FISH MEALS, FISH COMPONENTS, AND FISH PROTEIN HYDROLYSATES AS POTENTIAL INGREDIENTS IN PET FOODS.

Authors: FOLADOR, J.F. - UNIV. OF ILLINOIS; KARR-LILIENTHAL, L.K. - UNIV. OF ILLINOIS; PARSONS, C.M. - UNIV. OF ILLINOIS; BAUER, L.L. - UNIV. OF ILLINOIS; UTTERBACK, P.L. - UNIV. OF ILLINOIS; SCHASTEEN, C.S. - NOVUS INTERNATIONAL, INC.; Bechtel, Peter; FAHEY, G.C. - UNIV. OF ILLINOIS

Submitted to: Journal of Animal Science
Publication Type: Peer Reviewed Journal
Publication Acceptance Date: 6/1/2006
Publication Date: 10/20/2006
Citation: Folador, J., Karr-Lilienthal, L., Parsons, C., Bauer, L., Utterback, P., Schasteen, C., Bechtel, P.J., Fahey, G. 2006. Fish meals, fish components, and fish protein hydrolysates as potential ingredients in pet foods. Journal of Animal Science 84(10):2752-2765.

Interpretive Summary: The chemical composition and protein quality of thirteen fish substrates (pollock by-products, fish protein hydrolysates, and fish meals) was conducted. In addition, the palatability of two of these substrates, salmon protein hydrolysate and salmon meal with crushed bones, as components of dog diets was evaluated. Pollock by-products differed in concentrations of crude protein, crude fat, total amino acids and gross energy; however protein hydrolysates and fish meals were less variable. Salmon protein hydrolysate had the highest protein solubility in 0.2% KOH. Pollock milt, pollock viscera, red salmon hydrolysate, and sole hydrolysate had comparable values as assessed by the Immobilized Digestive Enzyme Assay and the cecectomized rooster assay. A chick protein efficiency ratio (PER) assay compared salmon meal with crushed bone and salmon hydrolysate to a whole egg meal showed the former had high protein quality, whereas the latter had poor protein quality. However, both of these fish substrates were found to be good protein sources with an essential amino acid index values of 1.0 and 0.9. Salmon protein hydrolysate was especially palatable to dogs. These data suggest that chemical composition and nutritional quality of fish substrates differ greatly and are affected by the specific part of the fish and by the processing conditions used to prepare fish meals and fish protein hydrolysates.
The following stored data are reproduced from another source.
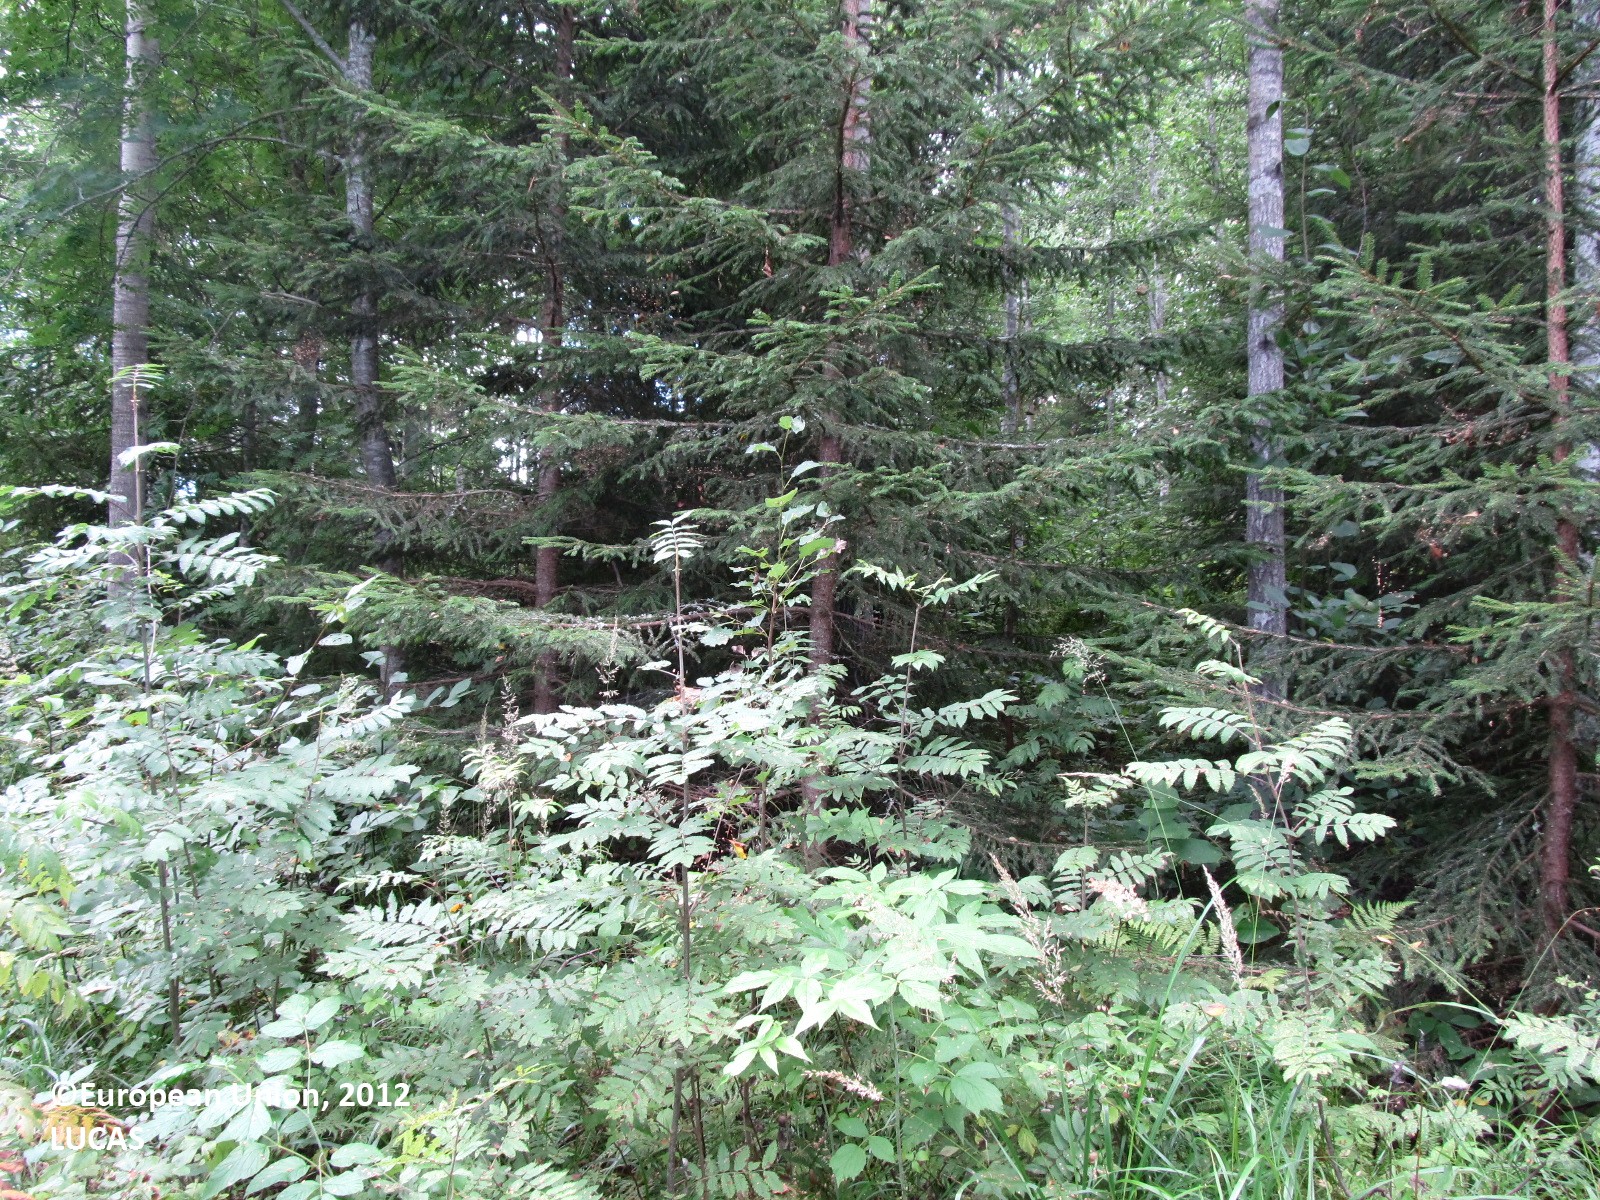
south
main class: Woodland
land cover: Spruce dominated mixed woodland
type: boreal forest
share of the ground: 50 - 75 %
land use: Forestry
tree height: > 5 m
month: August
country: FI
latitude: 61.7922
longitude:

Technical Abstract: An experiment to determine the chemical composition and protein quality of thirteen fish substrates (pollock by-products, fish protein hydrolysates, and fish meals) was conducted, as was an experiment to determine palatability of two of these substrates, salmon protein hydrolysate and salmon meal with crushed bones, as components of dog diets. Pollock by-products differed in concentrations of crude protein, crude fat, total amino acids and gross energy; however protein hydrolysates and fish meals were less variable. Biogenic amine concentrations were much higher in fish protein hydrolysates as compared with pollock by-products and fish meals. Salmon protein hydrolysate had the highest protein solubility in 0.2% KOH. Based on calculations using Immobilized Digestive Enzyme Assay (IDEA) values, lysine digestibility of fish meal substrates was comparable to cecectomized rooster assay values and averaged approximately 90.3%. Also pollock milt, pollock viscera, red salmon hydrolysate, and sole hydrolysate had comparable values as assessed by IDEA and rooster assays. A chick protein efficiency ratio (PER) assay compared salmon meal with crushed bone and salmon hydrolysate to a whole egg meal control and showed the former had high protein quality (PER=3.5) whereas the latter had poor protein quality (PER =1.5). However, using whole egg meal as the reference protein, both fish substrates were found to be good protein sources with an essential amino acid index of 1.0 and 0.9 for salmon meal with crushed bone and salmon hydrolysate, respectively. Salmon protein hydrolysate was especially palatable to dogs. These data suggest that chemical composition and nutritional quality of fish substrates differ greatly and are affected by the specific part of the fish and by the processing conditions used to prepare fish meals and fish protein hydrolysates.